What we now have in 6.7U3 is the maintenance mode pre-check which will check both object compliance and accessibility, as well as cluster capacity, in the event of a host being placed into maintenance mode. In the following example, I requested a pre-check on host esxi-dell-e.rainpole.com before I placed it into maintenance mode. This is what it reported in the areas of Object Compliance, Cluster Capacity and Predicted Health.
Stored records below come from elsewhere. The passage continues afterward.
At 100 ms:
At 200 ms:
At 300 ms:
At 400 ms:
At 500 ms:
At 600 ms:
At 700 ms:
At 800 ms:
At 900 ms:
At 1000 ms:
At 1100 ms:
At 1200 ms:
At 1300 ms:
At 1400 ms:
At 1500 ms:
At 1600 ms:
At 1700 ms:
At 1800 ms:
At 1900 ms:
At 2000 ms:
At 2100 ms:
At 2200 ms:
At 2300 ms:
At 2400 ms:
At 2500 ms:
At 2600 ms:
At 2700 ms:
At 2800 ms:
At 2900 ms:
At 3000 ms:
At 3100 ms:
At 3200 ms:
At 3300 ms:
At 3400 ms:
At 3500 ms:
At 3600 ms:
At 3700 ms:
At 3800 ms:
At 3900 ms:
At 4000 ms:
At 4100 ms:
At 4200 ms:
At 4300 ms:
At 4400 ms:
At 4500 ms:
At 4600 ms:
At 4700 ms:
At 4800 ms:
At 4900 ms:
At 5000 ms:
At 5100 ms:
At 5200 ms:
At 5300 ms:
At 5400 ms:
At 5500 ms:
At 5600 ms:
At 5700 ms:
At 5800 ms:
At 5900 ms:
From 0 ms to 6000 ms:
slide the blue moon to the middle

Object Compliance and Accessibility
What we can deduce from this is that quite a number of objects will become non-compliant if we place this host into maintenance mode with the option ‘Ensure accessibility’. However, there is enough capacity for us to do this if we wish to proceed. A very nice additional to vSAN day 2 operations.
Native Support for WSFC
While we have been able to support WSFC (Windows Server Failover Clusters) on vSAN for some time through the use of iSCSI, this is a significant improvement over that implementation. vSAN 6.7U3 can now support SCSI-3 persistent group reservations (PGR) natively, which in turn means that a VMDK residing on vSAN can now be used as the shared quorum disk for WSFC implementations. I know of a number of customers who were looking for this functionality, and I’m delighted that we can now officially announce it. Do note however that this is for virtualized WSFC environments. If you are using physical servers, you should continue to use the vSAN iSCSI service method to share a quorum disk. There are a number of other caveats to take into account as well when a VMDK is shared via this SCSI-3 PGR mechanism. Please refer to the official documentation for full details.
iSCSI LUN Resize Support
I know that this has been a pet peeve for a number of customers. Prior to 6.7U3, you could not resize a LUN that was presented via the vSAN iSCSI service. With 6.7U3, we now support the resize/growing of an iSCSI LUN without the need to take it offline. vSAN will take care of any quiescing of the I/O while the resize operation is in progress.
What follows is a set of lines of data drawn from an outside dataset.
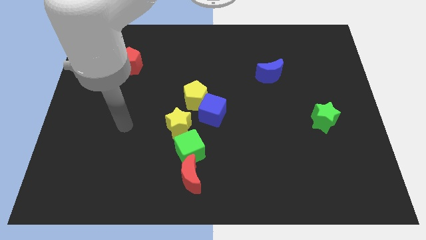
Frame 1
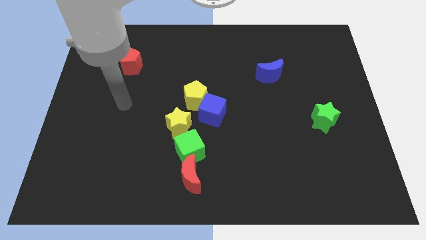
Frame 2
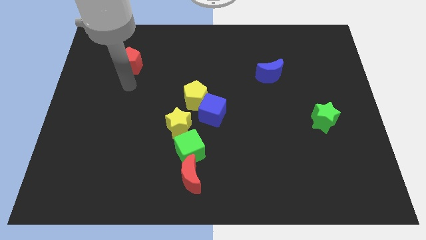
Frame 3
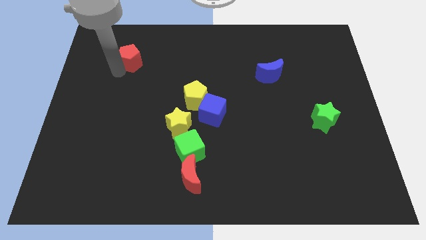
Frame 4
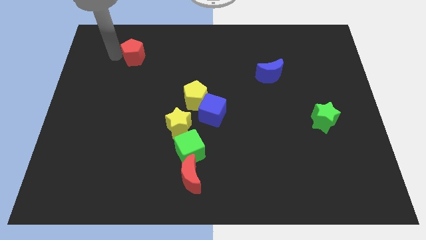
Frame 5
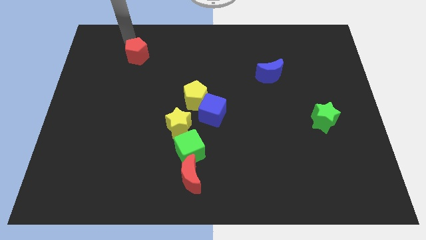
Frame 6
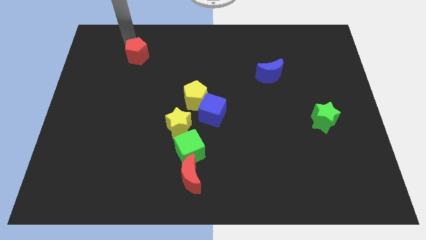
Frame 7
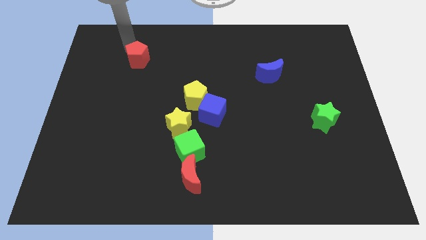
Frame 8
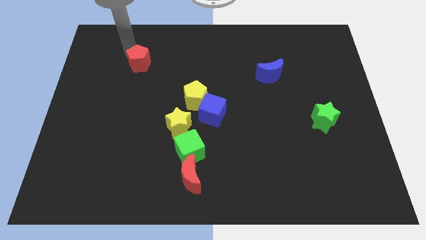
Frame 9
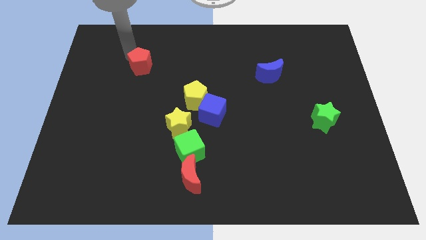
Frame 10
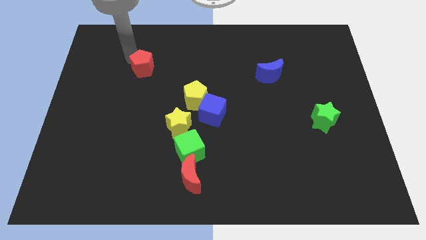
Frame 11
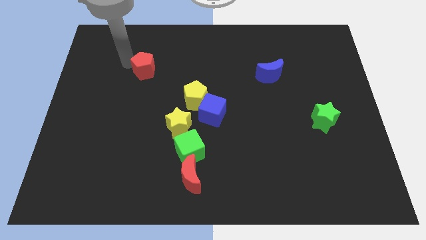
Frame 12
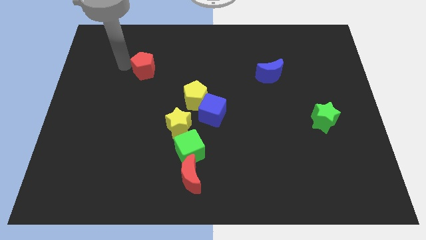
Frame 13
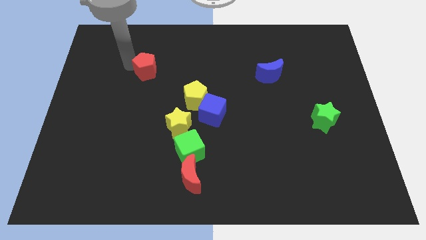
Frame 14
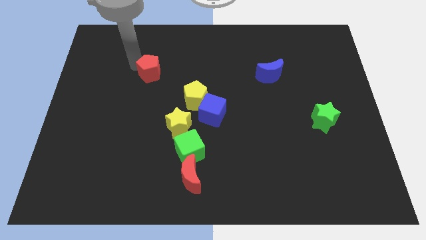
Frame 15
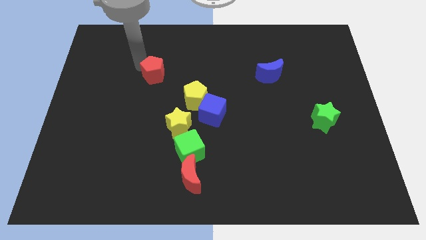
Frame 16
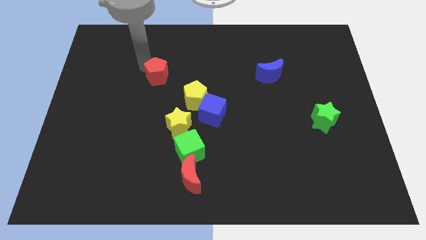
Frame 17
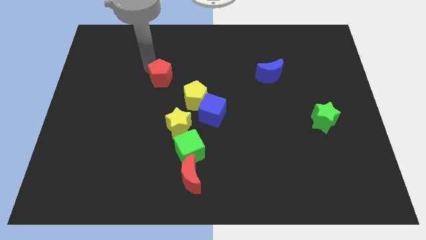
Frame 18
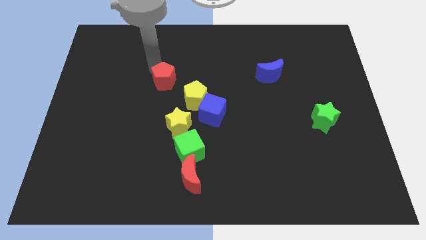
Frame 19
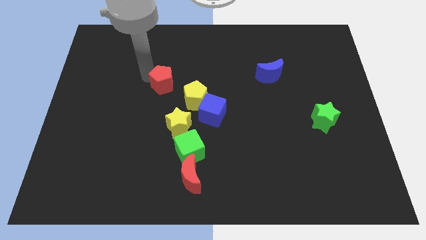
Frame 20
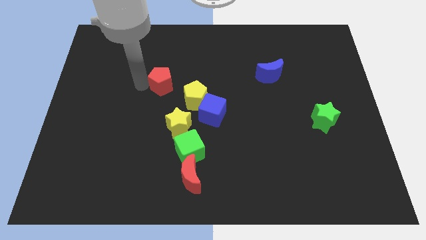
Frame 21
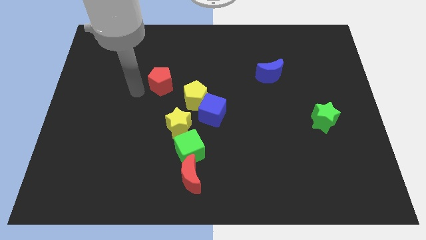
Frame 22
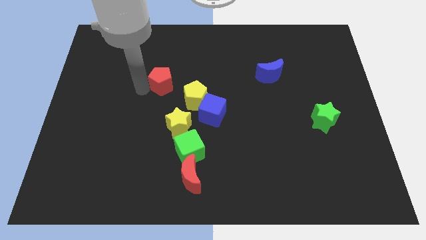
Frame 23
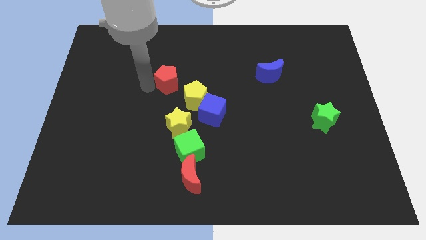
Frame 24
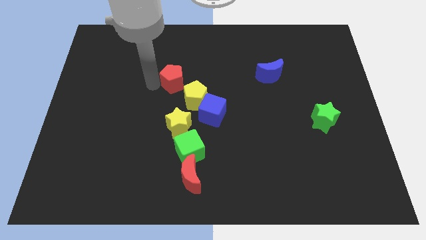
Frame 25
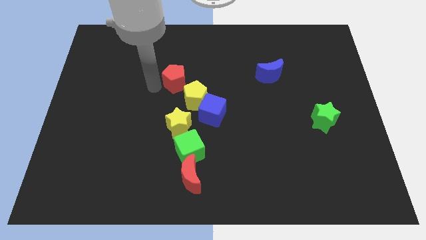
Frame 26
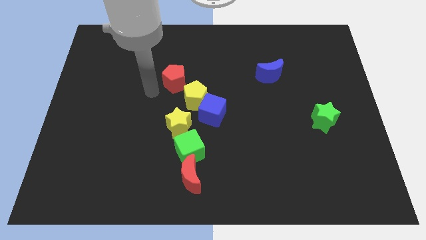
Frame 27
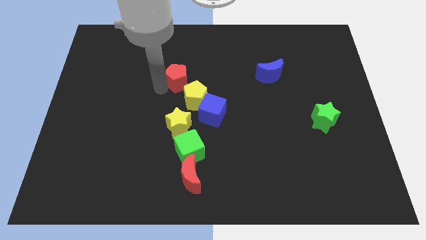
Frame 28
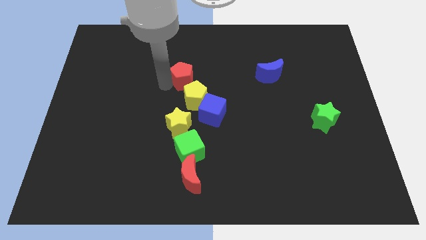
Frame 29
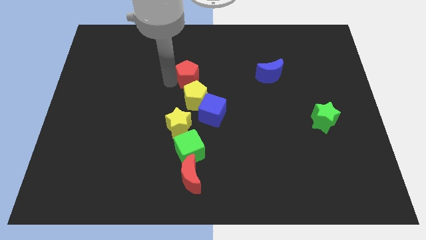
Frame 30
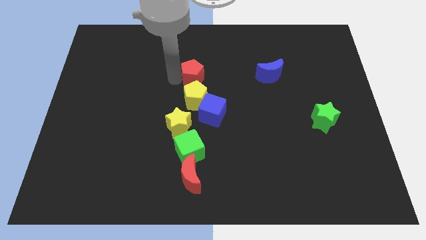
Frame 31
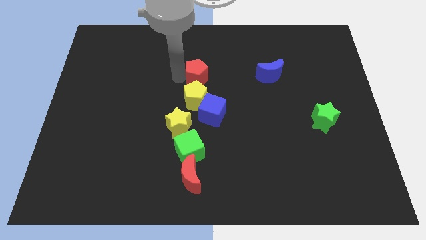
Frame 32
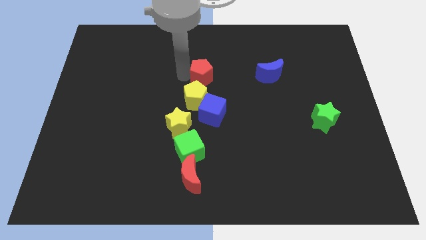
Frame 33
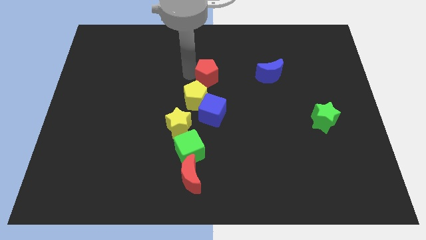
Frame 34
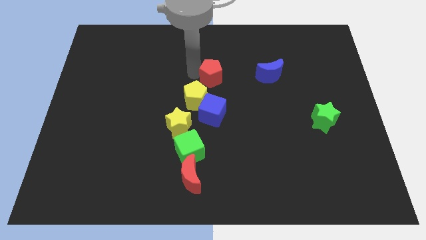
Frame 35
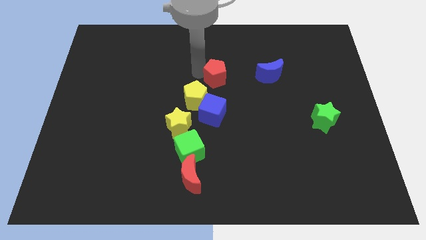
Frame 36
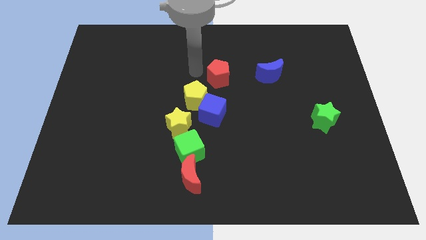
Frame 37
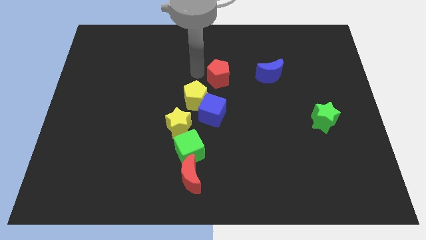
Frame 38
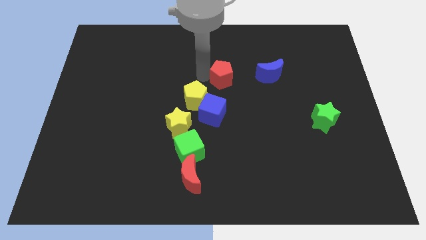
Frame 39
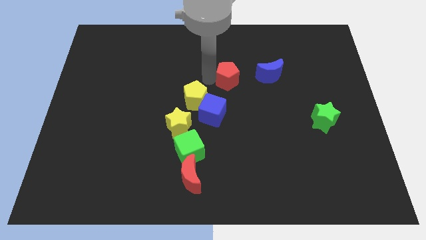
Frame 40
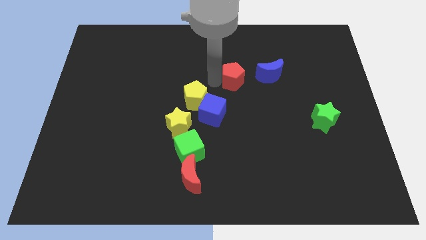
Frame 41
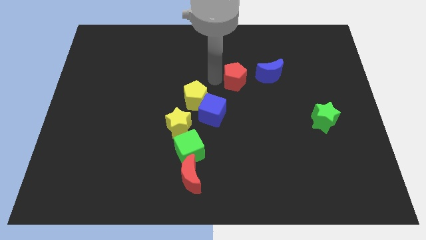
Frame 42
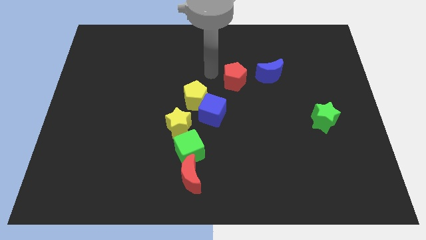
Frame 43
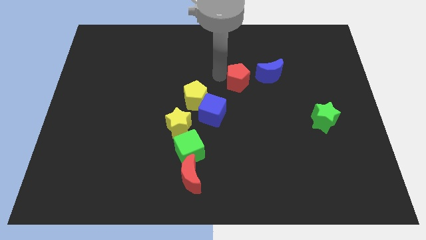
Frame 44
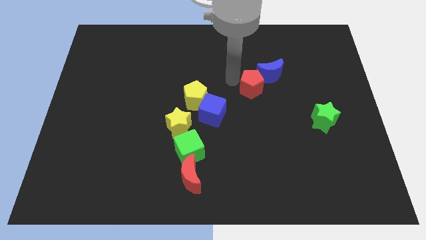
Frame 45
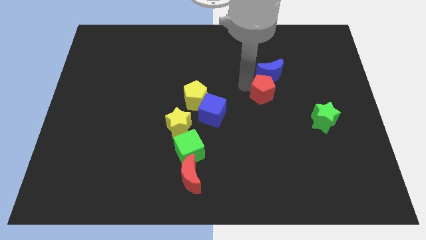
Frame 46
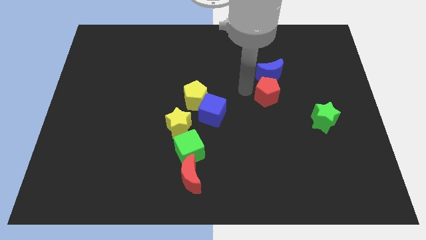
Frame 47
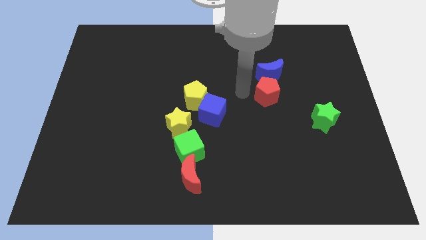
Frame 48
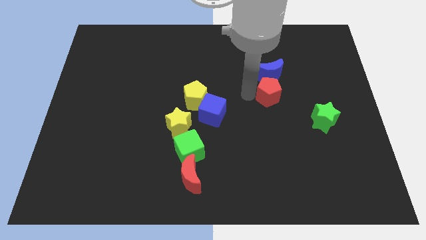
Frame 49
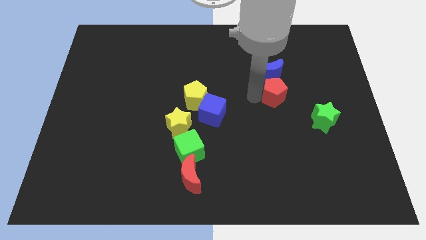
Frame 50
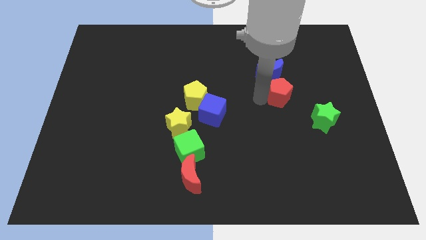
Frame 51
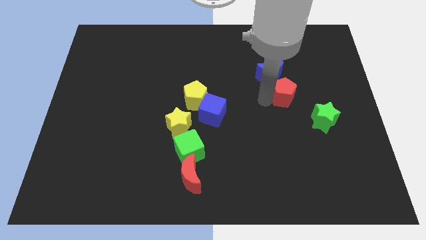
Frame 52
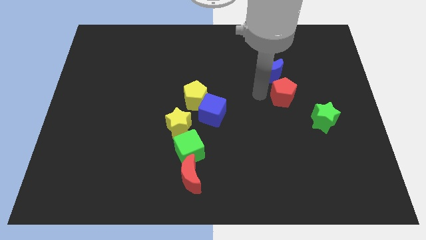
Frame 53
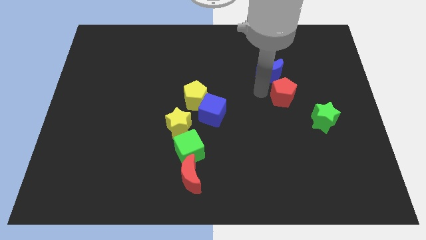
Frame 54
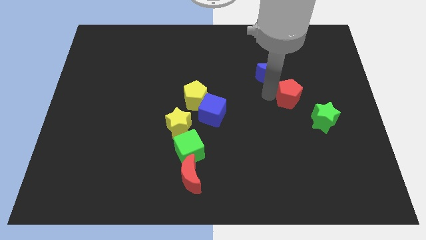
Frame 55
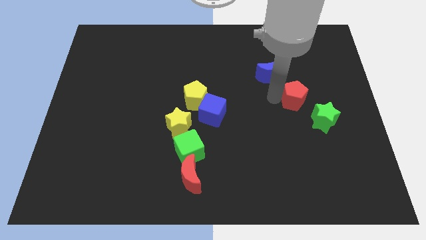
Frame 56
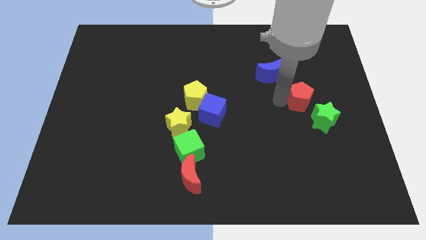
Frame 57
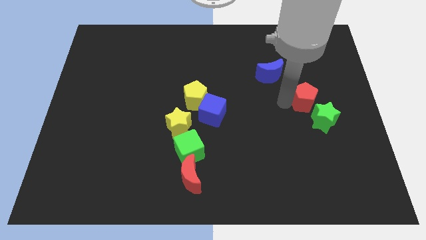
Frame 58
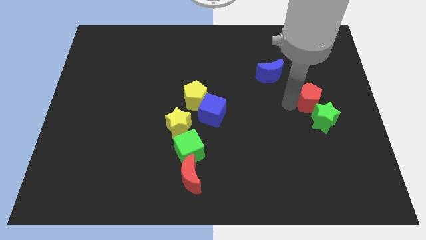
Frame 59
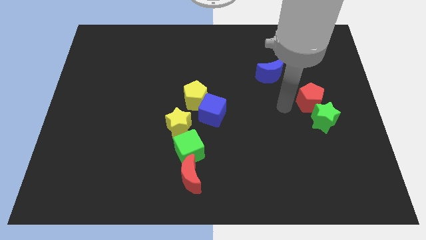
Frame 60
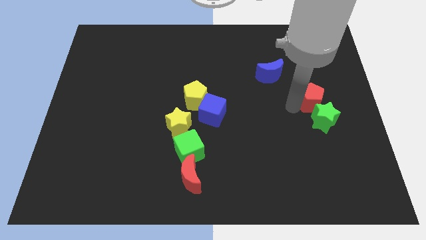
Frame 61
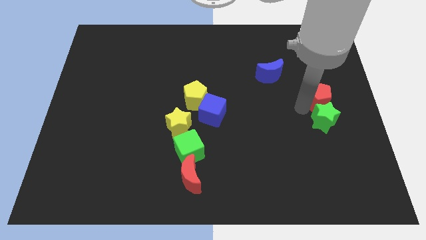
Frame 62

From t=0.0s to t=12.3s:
push the red pentagon to the center right

Enhanced Performance and Availability
In this final section, I was to touch on a few performance improvements that we have made in this release. Our engineering teams have made significant changes to the destaging mechanism between cache and capacity layers as well as to adaptive throttling. These improvements are in the Log Structured Object Manager (LSOM), a key component of vSAN architecture. In the past, destaging during high ingestion of writes could impact the latency of running workloads under heavy I/O, especially when deduplication and compression are turned on. This enhancement means that workloads running on vSAN should have improved performance in terms of predictable I/O latencies and increased sequential I/O throughput.
Also of note is vSAN’s new ability in 6.7U3 to run dozen of resync streams per component in parallel. This feature will automatically adapt depending on the current state, and available resources of the system. This new mechanism will provide vSAN the opportunity to do faster rebuilds of components.
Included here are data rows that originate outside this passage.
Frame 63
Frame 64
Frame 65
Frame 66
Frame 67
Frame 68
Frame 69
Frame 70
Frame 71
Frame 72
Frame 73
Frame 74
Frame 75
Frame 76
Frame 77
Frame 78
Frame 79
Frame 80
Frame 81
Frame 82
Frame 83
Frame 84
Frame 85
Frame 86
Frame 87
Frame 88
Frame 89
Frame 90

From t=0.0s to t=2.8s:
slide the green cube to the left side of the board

This is a cool new feature, and can be used on an esxi host at the command line to examine performance. I took a quick screenshot of the different entities that can be view (use capital E to get the list) using vsantop. I’ve not done much with it yet, but it seems like it could be useful for troubleshooting performance related issues.
vSAN Performance Monitor fling
I’ll close with a feature that is not directly related to the 6.7U3 release, but you might find it useful all the same. The vSAN Performance Monitor is a fling released by our engineering team to periodically gather vSAN performance metrics via a telegraf agent, and then uses Grafana to visualize them. I just deployed the fling earlier today, and must say that it is really easy to get started. If you were someone who utilized the older vSAN Observer graphs via RVC (Ruby vSphere Console) in the past, then I think you will like what you see here. Here’s a quick view of the vSAN Summary tab from my vSAN 6.7U3 environment.
As you can see, there is a lot of compelling new enhancements made to vSAN 6.7U3. Check out the release notes for a full list of enhancements.